Me abrumaba como se percataba de las cosas. Pero me ponía ¿feliz? De que alguien se dé cuenta como en verdad estoy.
Me sonrió cálidamente.
— Lo siento por hacerte sufrir. No era mi intención desaparecer así como así.
— No tienes que disculparte, no debemos depender de alguien… —Le dije.
Si dependías de alguien era muy duro cuando esa persona se alejara, porque te deja sin armadura y te quedas completamente expuesta.
— Es mejor que me valla —Me levante de mi asiento. Él se sobresaltó e hizo lo mismo.
— ¿Por qué? —Preguntó.
— Es tarde. Estoy demasiada cansada —Mentí.
— Te acompaño. —Se ofreció.
— No gracias, no te molestes —Dije cortante.
— Erza…
Y me aleje de él.
¿Por qué lo hacía?
Él no me haría daño.
¿Por qué tenía miedo?
… Y la respuesta vino cuando no me quería alejar de él, porque estaba haciendo un esfuerzo en irme. Porque en sus brazos encontré calma, y eso me asustaba. Tenía miedo Gerard Fernandes, miedo de enamorarme de ti.

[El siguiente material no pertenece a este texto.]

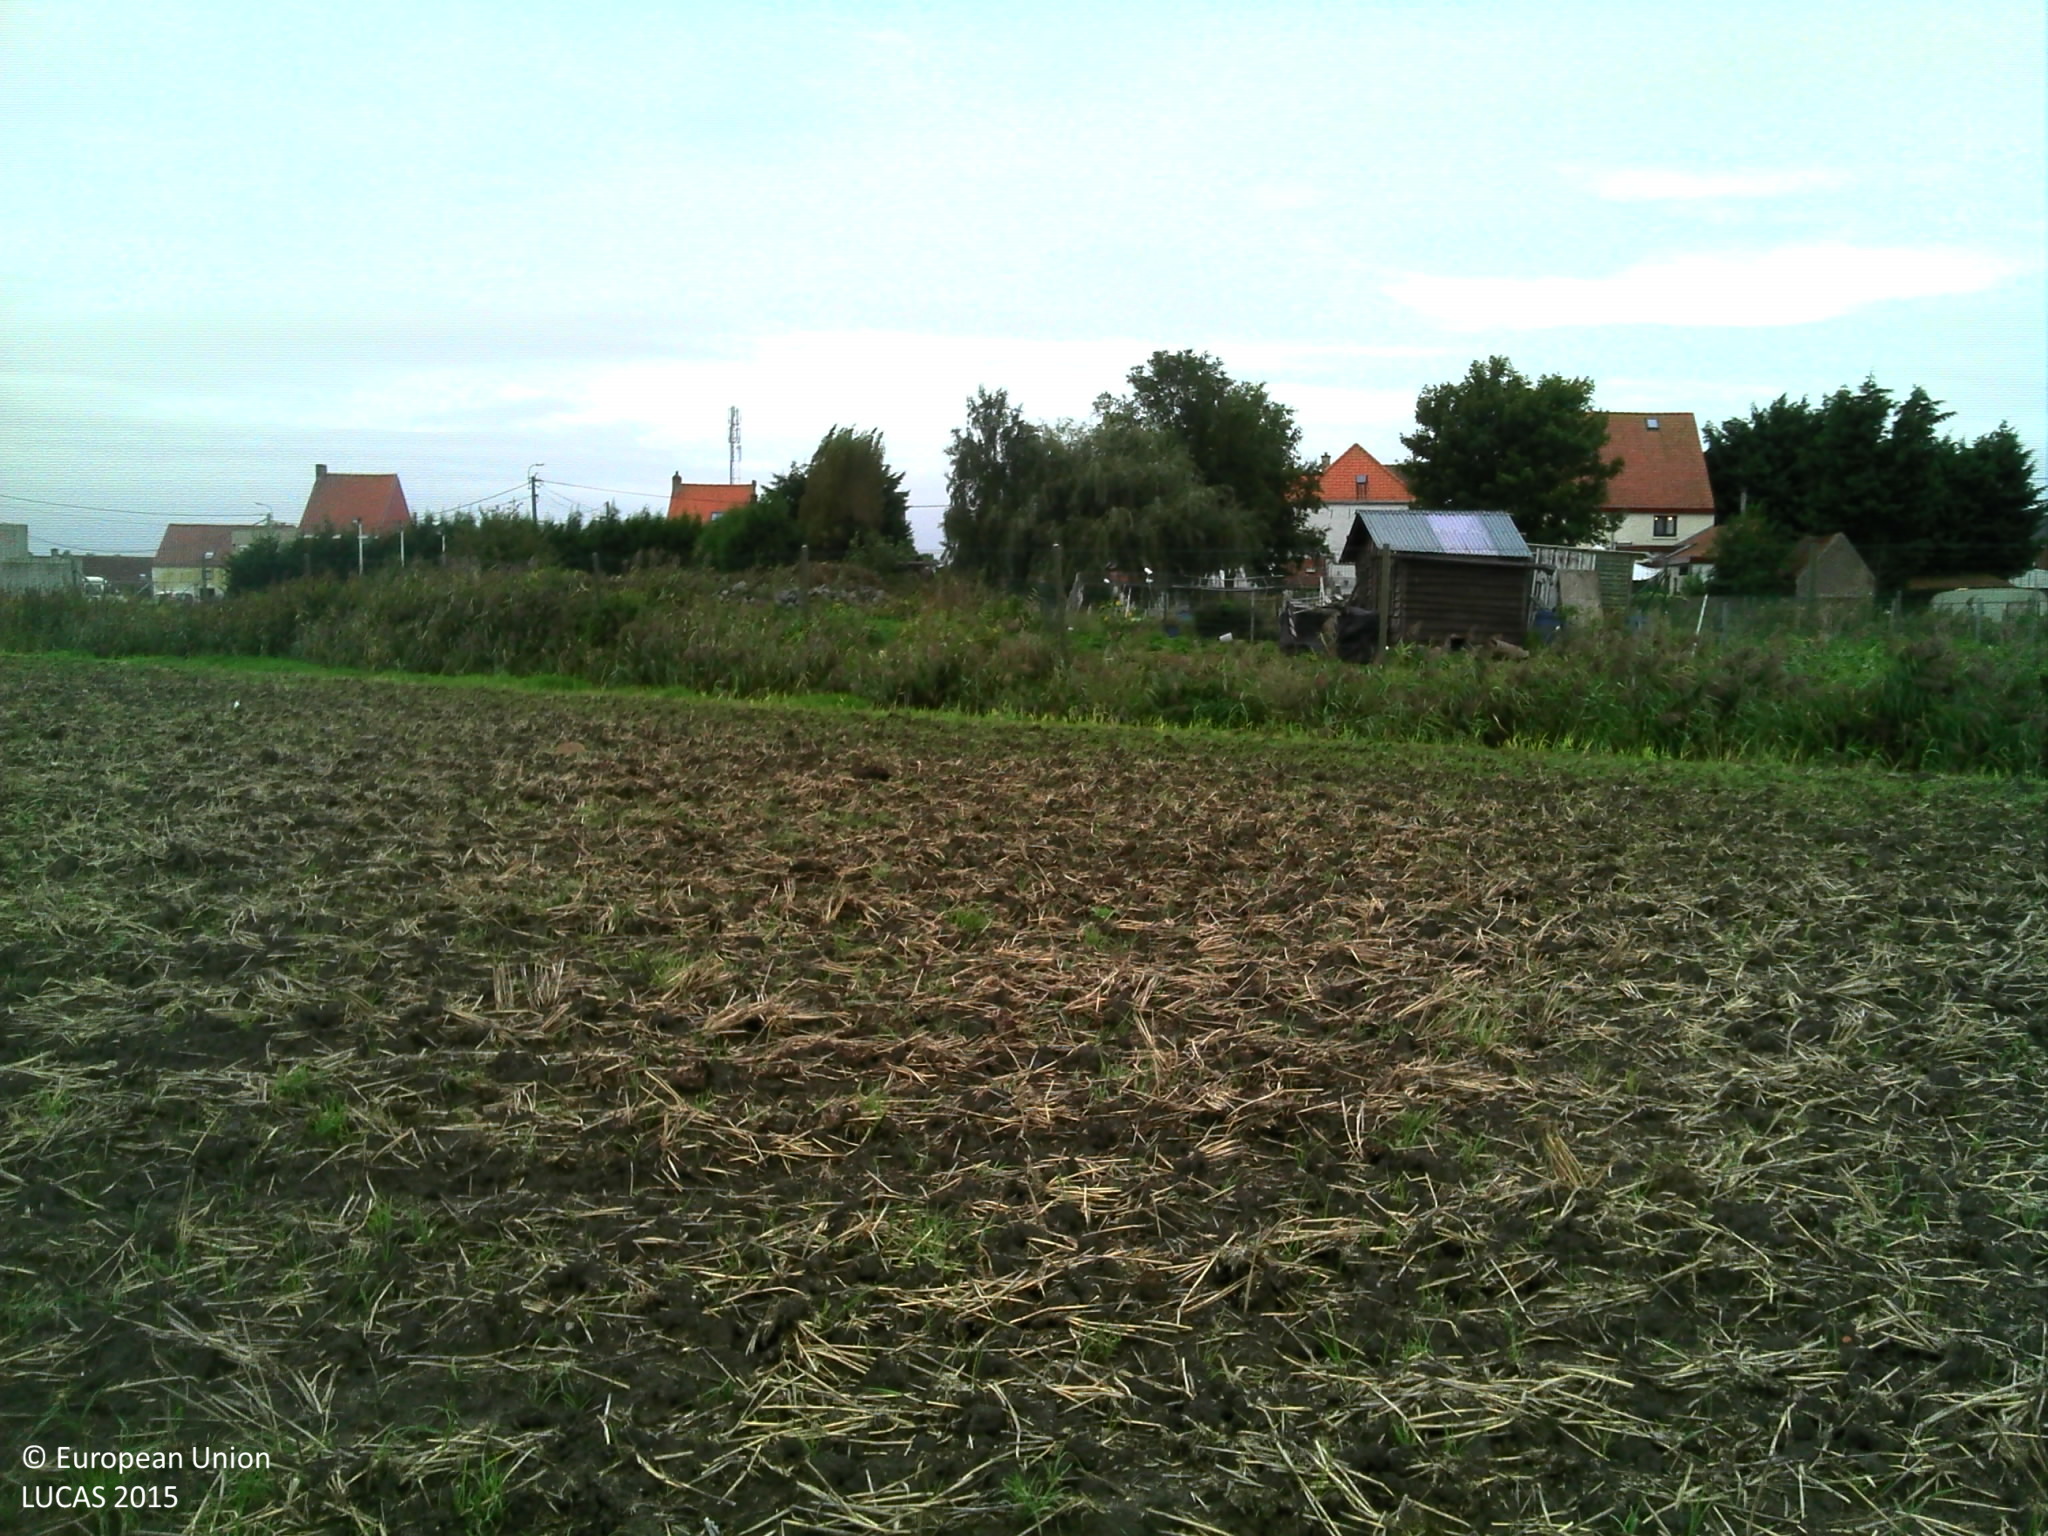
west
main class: Cropland
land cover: Common wheat
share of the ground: 25 - 50 %
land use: Agriculture (excluding fallow land and kitchen gardens)
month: September
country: BE
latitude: 51.1710
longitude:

Sonreí mientras caminaba a pasos lentos a la salida. Me maldecía yo misma por irme así de pronto, así después de que mucho tiempo quería verlo, pero era lo mejor Gerard. Lo que no te dije cuando te conocí, es que yo estaba encantada de conocerte.
Y lo sigo estando.
Pero tenía miedo…
Miedo a que salgamos lastimaros ambos.
¿Les gusto?
Tenemos a una Erza con miedo a querer. Después eso pasara :3
Y bueno, quería hacer el reencuentro como en el anime cuando Erza conoció a Gerard por primera vez, con todos los de la Torre del Cielo.
Gracias por sus reviews(: Según yo se los conteste, pero no entiendo FF D: xD!